Write out, word for word, only the lines from the one with "Q: How is the" to the end of the data below.

## Source data
####
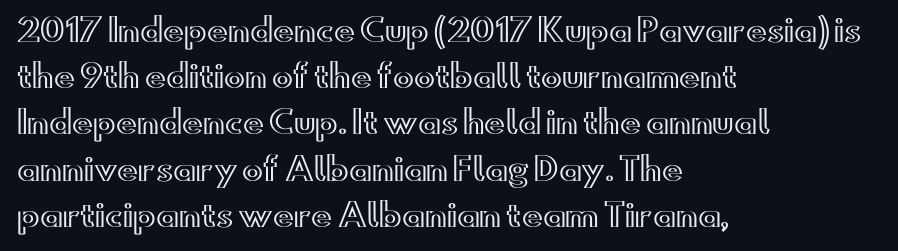
Q: Is the text italic (slanted)? A: No, it is upright.
Q: Is the text underlined? A: No.
Q: How is the paragraph aligned? A: Left-aligned.
Q: Is the spacing between letters normal or unusually wide? A: Normal.
Q: Is the spacing between lines tight, normal or loose? A: Normal.
Q: Width (condensed, normal, or wide)? A: Wide.
Q: x-height? A: Small.
Q: Monospaced? A: No.
####
## Problem solution
Q: How is the paragraph aligned? A: Left-aligned.
Q: Is the spacing between letters normal or unusually wide? A: Normal.
Q: Is the spacing between lines tight, normal or loose? A: Normal.
Q: Width (condensed, normal, or wide)? A: Wide.
Q: x-height? A: Small.
Q: Monospaced? A: No.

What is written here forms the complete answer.